After Lisa leaves, the murder is committed which takes Jeffries hobby into a deep obsession. He spends the rest of the movie trying to prove what he saw and eventually Stella and Lisa join him in the belief that Thorwald has murdered his wife. When Lisa begins to watch alongside Jeff, there is a change of sympathy toward women. Watching Miss Lonelyhearts' first date with an actual man, Jeffries comment is "he looks a little young for her." (Ironically Stewart was five years older than Judith Evleyn, the actress who played Miss Lonleyhearts). Lisa says nothing but reacts in horror when the man attacks Miss Lonelyhearts who throws him out of her apartment. Lisa rings down the blinds on their voyeuristic activities for the night.

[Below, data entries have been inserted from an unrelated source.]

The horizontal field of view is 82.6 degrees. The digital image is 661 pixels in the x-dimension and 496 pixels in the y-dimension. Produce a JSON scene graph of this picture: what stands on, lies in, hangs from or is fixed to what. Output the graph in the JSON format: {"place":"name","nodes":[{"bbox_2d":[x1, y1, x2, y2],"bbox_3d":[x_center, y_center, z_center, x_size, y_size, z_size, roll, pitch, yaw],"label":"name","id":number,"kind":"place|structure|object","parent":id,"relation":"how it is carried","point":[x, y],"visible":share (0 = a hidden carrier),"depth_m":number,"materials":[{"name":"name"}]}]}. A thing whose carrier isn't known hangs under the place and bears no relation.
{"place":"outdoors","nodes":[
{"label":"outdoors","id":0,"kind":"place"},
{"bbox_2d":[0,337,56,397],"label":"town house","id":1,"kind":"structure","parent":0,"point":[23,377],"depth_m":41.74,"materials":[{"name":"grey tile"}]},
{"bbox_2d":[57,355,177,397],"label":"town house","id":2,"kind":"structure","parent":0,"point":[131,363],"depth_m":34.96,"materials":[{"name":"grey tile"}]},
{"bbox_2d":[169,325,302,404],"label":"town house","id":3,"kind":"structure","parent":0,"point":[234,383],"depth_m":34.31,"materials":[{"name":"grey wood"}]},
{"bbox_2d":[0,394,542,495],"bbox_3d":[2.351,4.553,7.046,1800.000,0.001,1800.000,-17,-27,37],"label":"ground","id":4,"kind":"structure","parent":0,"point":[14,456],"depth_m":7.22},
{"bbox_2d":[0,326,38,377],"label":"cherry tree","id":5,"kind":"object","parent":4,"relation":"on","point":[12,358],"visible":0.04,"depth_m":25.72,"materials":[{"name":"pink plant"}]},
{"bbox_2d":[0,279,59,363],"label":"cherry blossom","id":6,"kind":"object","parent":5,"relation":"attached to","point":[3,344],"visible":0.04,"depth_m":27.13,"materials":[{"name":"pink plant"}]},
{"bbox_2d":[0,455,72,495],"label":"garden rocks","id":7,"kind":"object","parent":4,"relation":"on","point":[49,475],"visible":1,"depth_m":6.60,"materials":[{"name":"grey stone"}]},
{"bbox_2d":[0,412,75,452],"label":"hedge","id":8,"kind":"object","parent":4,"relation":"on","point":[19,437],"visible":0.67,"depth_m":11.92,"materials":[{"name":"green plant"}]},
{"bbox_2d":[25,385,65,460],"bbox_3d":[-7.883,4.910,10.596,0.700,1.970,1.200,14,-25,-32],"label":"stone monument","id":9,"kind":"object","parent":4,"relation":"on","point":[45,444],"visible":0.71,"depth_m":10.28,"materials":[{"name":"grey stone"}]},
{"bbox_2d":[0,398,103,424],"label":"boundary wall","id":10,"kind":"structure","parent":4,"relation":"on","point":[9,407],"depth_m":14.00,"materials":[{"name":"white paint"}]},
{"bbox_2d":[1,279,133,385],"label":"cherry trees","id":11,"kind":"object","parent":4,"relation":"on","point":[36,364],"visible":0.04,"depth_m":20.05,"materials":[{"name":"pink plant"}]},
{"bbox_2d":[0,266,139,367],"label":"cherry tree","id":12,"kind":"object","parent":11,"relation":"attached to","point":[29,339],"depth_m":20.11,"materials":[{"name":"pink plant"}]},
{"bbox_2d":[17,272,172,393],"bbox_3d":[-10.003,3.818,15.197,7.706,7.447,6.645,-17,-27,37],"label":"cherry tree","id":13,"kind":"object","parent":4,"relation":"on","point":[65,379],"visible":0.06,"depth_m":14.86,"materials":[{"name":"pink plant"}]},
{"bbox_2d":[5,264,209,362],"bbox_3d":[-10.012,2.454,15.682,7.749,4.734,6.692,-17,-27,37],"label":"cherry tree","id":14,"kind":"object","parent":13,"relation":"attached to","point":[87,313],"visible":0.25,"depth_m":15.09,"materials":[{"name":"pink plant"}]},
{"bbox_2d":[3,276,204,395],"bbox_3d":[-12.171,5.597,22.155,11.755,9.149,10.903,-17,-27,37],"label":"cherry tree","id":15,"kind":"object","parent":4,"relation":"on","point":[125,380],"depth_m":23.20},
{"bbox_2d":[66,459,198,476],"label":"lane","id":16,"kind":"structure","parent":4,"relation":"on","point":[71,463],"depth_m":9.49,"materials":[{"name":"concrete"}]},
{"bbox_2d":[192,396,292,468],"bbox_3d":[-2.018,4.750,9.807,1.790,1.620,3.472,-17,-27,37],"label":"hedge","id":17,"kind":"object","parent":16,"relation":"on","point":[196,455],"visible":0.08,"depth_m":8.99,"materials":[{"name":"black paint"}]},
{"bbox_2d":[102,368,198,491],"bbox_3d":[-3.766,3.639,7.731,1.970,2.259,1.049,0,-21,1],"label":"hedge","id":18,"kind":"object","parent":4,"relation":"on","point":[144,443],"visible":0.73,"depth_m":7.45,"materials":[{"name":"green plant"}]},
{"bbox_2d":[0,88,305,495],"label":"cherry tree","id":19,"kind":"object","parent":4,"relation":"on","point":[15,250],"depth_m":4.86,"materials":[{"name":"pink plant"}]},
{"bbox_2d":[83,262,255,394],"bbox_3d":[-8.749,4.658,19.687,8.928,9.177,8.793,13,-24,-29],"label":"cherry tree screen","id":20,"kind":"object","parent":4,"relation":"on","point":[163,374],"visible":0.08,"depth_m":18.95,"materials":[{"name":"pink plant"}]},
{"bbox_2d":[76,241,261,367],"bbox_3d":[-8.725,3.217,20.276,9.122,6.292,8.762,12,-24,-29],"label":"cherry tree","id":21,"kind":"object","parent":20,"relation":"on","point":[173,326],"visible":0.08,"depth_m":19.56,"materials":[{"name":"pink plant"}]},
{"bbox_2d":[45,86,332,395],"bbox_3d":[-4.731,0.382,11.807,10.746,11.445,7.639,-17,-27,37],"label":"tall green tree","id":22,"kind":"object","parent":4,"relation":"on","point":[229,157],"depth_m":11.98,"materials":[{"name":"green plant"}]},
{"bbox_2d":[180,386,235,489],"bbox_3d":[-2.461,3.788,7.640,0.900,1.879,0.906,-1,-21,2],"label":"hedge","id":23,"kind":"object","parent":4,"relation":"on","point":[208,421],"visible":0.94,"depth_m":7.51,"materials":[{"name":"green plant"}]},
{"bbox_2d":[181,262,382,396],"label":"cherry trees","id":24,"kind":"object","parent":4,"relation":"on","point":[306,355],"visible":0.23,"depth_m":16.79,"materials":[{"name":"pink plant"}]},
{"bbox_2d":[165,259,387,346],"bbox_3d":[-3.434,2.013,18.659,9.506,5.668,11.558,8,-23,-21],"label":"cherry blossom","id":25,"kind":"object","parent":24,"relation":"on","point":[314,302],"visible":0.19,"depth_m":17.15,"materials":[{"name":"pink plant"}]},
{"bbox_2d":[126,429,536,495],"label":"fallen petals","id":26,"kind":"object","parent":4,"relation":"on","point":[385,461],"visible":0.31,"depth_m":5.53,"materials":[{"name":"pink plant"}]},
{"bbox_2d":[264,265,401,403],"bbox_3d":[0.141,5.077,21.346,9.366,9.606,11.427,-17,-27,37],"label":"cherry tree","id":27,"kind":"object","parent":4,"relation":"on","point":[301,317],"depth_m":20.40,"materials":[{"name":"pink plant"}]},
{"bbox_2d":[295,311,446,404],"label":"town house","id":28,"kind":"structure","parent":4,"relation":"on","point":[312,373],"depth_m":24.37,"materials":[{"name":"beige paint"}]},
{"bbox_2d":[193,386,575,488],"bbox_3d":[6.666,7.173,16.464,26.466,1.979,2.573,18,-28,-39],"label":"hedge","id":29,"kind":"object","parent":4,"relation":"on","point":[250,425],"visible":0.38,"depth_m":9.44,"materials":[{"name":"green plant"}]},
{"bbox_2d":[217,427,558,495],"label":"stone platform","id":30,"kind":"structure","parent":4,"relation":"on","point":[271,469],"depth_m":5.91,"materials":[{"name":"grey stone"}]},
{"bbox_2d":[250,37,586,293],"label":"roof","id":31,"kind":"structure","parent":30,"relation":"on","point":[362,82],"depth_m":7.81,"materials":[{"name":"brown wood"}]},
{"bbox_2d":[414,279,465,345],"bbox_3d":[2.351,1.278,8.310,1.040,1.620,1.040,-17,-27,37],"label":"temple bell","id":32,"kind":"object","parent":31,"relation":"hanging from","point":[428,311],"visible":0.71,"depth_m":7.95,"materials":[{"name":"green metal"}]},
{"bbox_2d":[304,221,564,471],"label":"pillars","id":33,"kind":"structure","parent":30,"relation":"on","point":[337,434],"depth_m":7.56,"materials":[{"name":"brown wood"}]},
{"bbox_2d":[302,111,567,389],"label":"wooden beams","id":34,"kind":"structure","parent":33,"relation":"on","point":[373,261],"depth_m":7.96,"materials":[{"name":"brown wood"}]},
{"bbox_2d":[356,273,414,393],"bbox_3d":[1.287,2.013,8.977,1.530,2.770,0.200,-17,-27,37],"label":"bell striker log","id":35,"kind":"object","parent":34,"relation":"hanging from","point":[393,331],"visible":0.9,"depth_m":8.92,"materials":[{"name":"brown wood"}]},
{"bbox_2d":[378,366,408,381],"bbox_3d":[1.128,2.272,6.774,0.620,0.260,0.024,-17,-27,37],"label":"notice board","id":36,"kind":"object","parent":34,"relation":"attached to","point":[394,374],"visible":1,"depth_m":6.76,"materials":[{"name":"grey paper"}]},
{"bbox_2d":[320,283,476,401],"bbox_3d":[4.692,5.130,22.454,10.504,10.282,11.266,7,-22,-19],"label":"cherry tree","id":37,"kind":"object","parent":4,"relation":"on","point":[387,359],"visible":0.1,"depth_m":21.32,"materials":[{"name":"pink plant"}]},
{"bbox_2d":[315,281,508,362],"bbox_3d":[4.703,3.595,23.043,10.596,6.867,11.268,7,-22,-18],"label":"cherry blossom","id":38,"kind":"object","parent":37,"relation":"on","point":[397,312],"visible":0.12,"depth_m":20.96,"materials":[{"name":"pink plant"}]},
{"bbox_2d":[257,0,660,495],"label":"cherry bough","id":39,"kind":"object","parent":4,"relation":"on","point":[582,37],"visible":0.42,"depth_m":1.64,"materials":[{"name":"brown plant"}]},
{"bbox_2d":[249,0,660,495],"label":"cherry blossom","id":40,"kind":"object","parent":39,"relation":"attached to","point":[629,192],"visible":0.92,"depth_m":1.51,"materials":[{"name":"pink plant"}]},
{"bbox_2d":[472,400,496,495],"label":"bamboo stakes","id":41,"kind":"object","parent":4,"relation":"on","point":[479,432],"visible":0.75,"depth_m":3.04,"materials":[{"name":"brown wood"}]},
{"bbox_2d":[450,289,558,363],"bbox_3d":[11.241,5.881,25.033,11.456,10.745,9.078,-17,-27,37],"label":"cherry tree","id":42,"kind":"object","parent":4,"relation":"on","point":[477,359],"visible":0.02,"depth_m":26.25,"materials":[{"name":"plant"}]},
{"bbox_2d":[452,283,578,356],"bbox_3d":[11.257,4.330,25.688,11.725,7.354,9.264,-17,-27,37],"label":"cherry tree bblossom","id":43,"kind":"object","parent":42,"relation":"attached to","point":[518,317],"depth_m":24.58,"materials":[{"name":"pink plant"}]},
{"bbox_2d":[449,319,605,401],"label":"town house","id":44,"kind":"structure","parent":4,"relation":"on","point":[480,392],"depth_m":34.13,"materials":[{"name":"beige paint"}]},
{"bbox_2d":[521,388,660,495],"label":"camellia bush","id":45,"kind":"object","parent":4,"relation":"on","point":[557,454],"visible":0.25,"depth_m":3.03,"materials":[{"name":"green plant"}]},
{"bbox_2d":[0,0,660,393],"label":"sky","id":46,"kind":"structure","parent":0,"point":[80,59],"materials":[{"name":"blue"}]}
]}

As the movie goes on, Lisa's pluck and resourcefulness in smoking out Thorwald prove her mettle to Jeffries. In one critical scene she enters Thorwald's apartment to search for evidence. Thorwald returns and Jeff and Stella are supposed to phone the apartment to warn her to get out. They are distracted by Miss Lonelyhearts who is about to commit suicide by taking too many sleeping pills. It would seem that Hitchcock is trying to show us that in her way, Lisa is as fragile and vulnerable as the pathetic Miss Lonelyhearts.
Ultimately Lisa prevails. She gets her man. She has to risk getting her neck wrung by a murderer but that would seem a small price to pay to win the heart of the man she loves. The whole action of the second half of the fillm serve as an audition in which she proves that she's adventurous enough to be his mate. It is not till Jeffries views her at a distance in Thorwald's apartment, when she becomes part of his voyeuristic fantasy life, that he falls for her. Strangely enough, this doesn't seem to be a problem for her. Though Stewart is the hero of the film, he is trumped by the heroine who sits in control at the end (literally wearing the pants) happily reading a fashion magazine while he doses in his now double cast. Miss Lonelyhearts too triumphs in the end. She hooks up with the composer whose music distracted her and prevented her from killing herself. They seem to be soul mates as his romantic theme wafts down from his studio to Jeff and Lisa together. Hitchcock throws out a final bit of comic irony when Miss Torso's boyfriend returns home from the army. He is a good head shorter than she is and certainly isn't the most prosperous looking wolf. And yet she adores him.